I have looked at various stack overflow questions including the following,

Selenium webdriver: Modifying navigator.webdriver flag to prevent selenium detection

Can a website detect when you are using selenium with chromedriver?

How does recaptcha 3 know I'm using selenium/chromedriver?

and more

While the arguments added do help to improve the recaptcha v3 score, it is still extremely inconsistent. about half the time I receive a passing score of .7 and the other half I receive a failing score of .1.

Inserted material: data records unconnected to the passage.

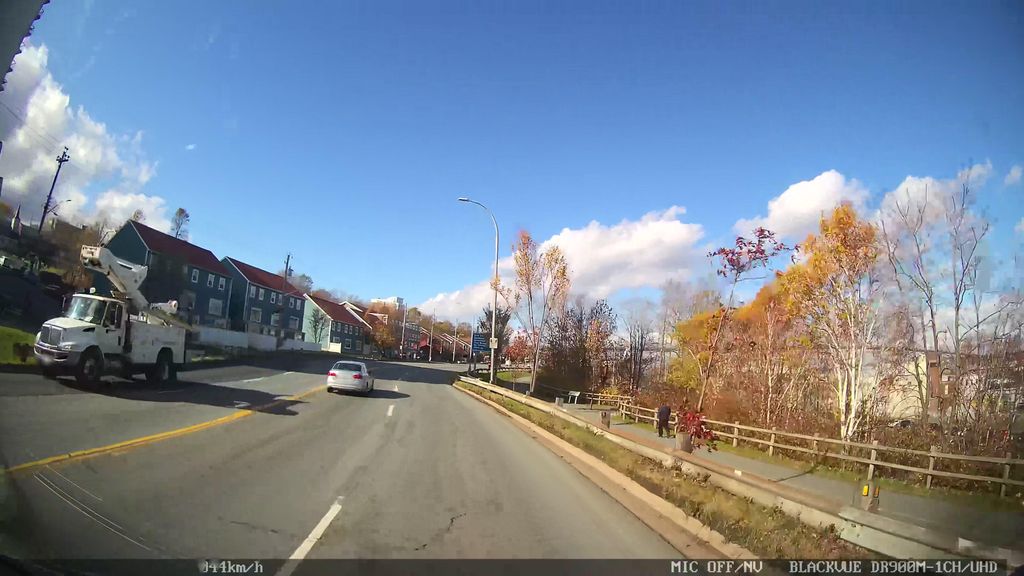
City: halifax
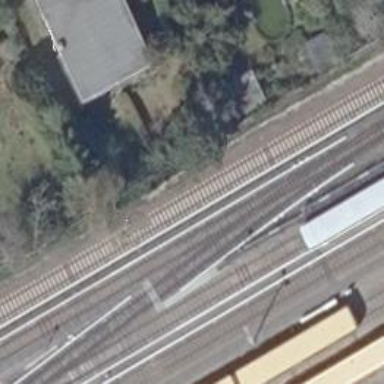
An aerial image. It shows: Yard used for service maintenance of electrified light rail railway.
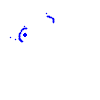
Particle: kaon
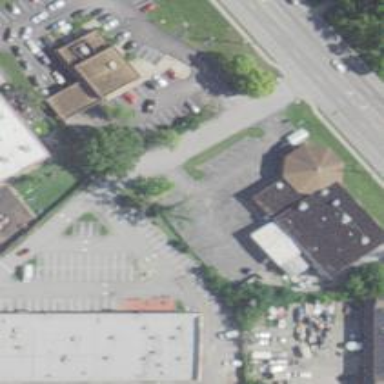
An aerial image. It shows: Commercial area.

Please help me to improve my recaptcha scores and consistently pass

EDIT 1: Signing into a google account in the chrome instance often changes the results of the demo, however still do not entirely prevent failing scores

Chris Yun
  • 97
  • 1
  • 2
  • 11
  • 1
    The whole point of Recaptcha is to prevent automation. Perhaps the inconsistent Recaptcha score means Recaptcha is actually working as intended. – CEH Jan 20 '20 at 21:42
  • @Christine I understand this but the whole point of this project is to find a way around recaptcha so i can continue to scrape and navigate the recaptcha protected pages – Chris Yun Jan 20 '20 at 21:45
  • 1
    please be a good internet citizen... if the site doesn't want you scraping, do not scrape it. It's likely the collection of data there is the site owner's protected intellectual property and you could be breaking the law by attempting to create a whole copy of it. – pcalkins Jan 20 '20 at 21:58
  • @pcalkins i have no harmful intentions nor am I copying anything this entire project was for educational purposes. However, with the introduction of recaptcha i have become increasingly curious on how to bypass it and how it works – Chris Yun Jan 20 '20 at 22:35
  • some of the new captchas capture behavior data from different parts of the site to build a sort of profile of the user. So it's not just a score resulting from a single page or hit to a site, but from a pattern of behavior... Some site's will just detect or prevent webdriver straight away by checking for script injection. (I think they store a sort of "clean state" hash and check that.) – pcalkins Jan 20 '20 at 22:51
  • @pcalkins I have heard about this but many have told me that it is connected to the google account activity, in all my tests i haven't been signed into google, and when i run the tests on a normal chrome browser i consistently receive .7 or .9 – Chris Yun Jan 20 '20 at 23:43

3 Answers3

1

To increase your scrore from .7 to higher levels i.e. .9 or so you can rotate through execute_cdp_cmd() as follows:

driver.execute_cdp_cmd("Network.setExtraHTTPHeaders", {"headers": {"User-Agent": "browserClientA"}})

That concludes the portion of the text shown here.